At 2:00, I walk to meet M, a fellow traveler, at Bean Around the World on Main and10th. We compare notes about living in The World of People Who Don’t Have Day Jobs, until I realize I really don’t have much to say about it yet. Today’s the first day I’ve realized I’m actually living in it, so I’d better start paying attention!
From there, I head off to the part of this new world called IGA. Who shops for their groceries at 3:00 on a Monday afternoon? Now I know. Me and a bunch of other people who apparently don’t work from 9-5. What are their stories, I wonder? The stay-at-home dad with the little kid in his cart is easy to peg, but what about the rest of them? Women older than me, men younger than me, everyone’s got their story. I’ll have to come back to watch them.
I call my mom from the chips aisle to ask her advice on a marinade for the steak I’m buying (I think it’s the first time I’ve ever actually bought a steak to bbq… strange but true). She answers her cell phone from the lobby of the hotel in Santa Barbara where she’s about to check in, and gives me the information I seek. She and two of her best friends have just driven up from L.A. for their annual pilgrimage to the Music Academy of the West, where they’d just attended a solo piano masterclass. My mom’s so cool I can hardly stand it. When we hang up from our 60-second call, I have an intense flash of gratitude and love for this woman. I am thankful beyond words for her.
I carry my couple of canvas bags out of the store and start walking home. Passing by JJ Beans on Main and 14th, I see a beautiful woman with long dark hair, about my age, sitting by herself at an inside table, looking out of the open window space. Is she waiting for someone, I wonder, or just sitting alone? I decide to find out, and walk inside. I buy a little bottle of Perrier (strictly a decoy, though I am in fact thirsty) and take a seat at a table near hers. She’s not waiting for someone – I can see she doesn’t have another chair at her table – but she also looks like she’s not interested in engaging, so I don’t.
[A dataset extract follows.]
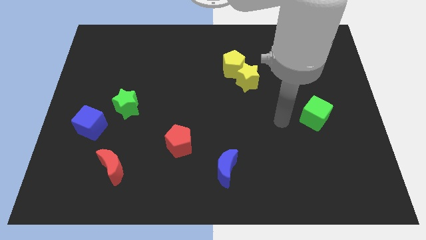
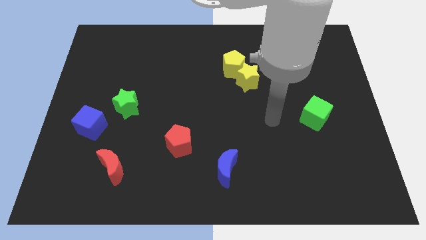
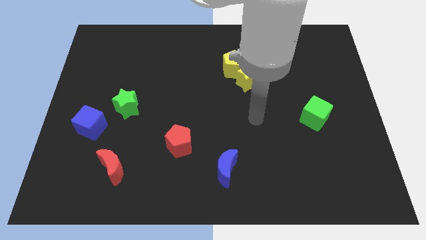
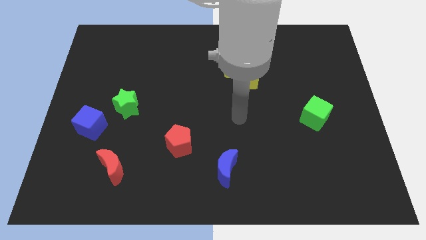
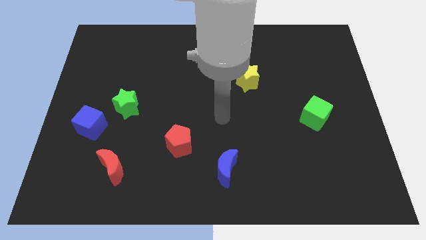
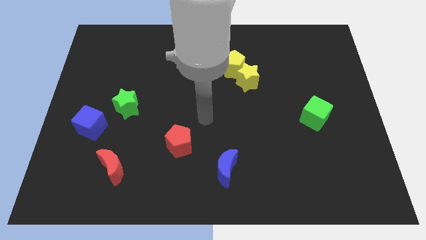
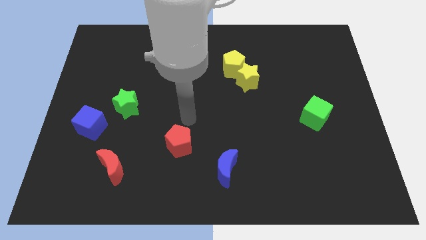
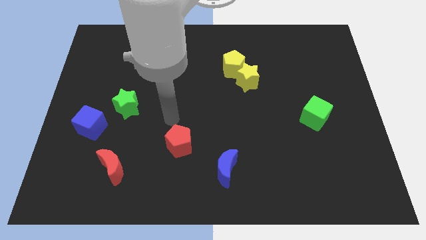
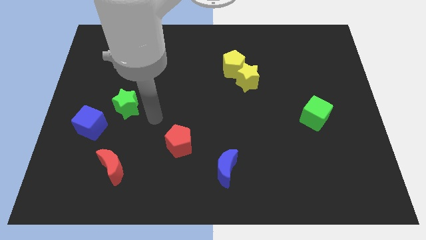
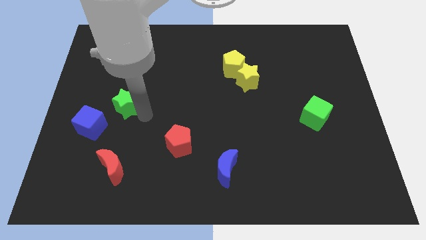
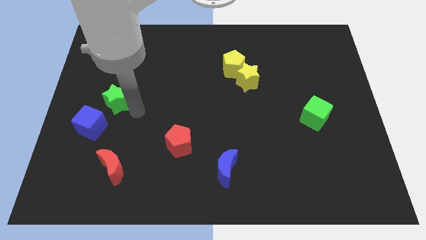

Now that I’m here, though, I sit and look around and wonder again, who are these people? Are they working? Lots of moms. Lots of laptops. One young woman is clearly studying for school – I comment on how cool it is to have places like this to study in – there was no such animal when I was in school. She agrees, though says she spends too much money on coffee, which she actually needs to concentrate on the biology coursework she’s got in front of her. Good luck with that, little sister.
Mostly, I notice how busy the place is. There are few empty tables… quieter than a Saturday afternoon, but still thriving. The woman who sells me the Perrier says it’s always like this.
So it’s true – there IS a whole world of people who are outside of offices on weekday afternoons, who live in this alternate universe. I feel like Gulliver, having just stumbled into the land of the Lilliputians. So many stories to uncover, so many stories to be told. This feels like just the entrance I’ve been seeking.
And so, with this blog, I begin my journey of living in this new world. Let’s see where it takes us, shall we?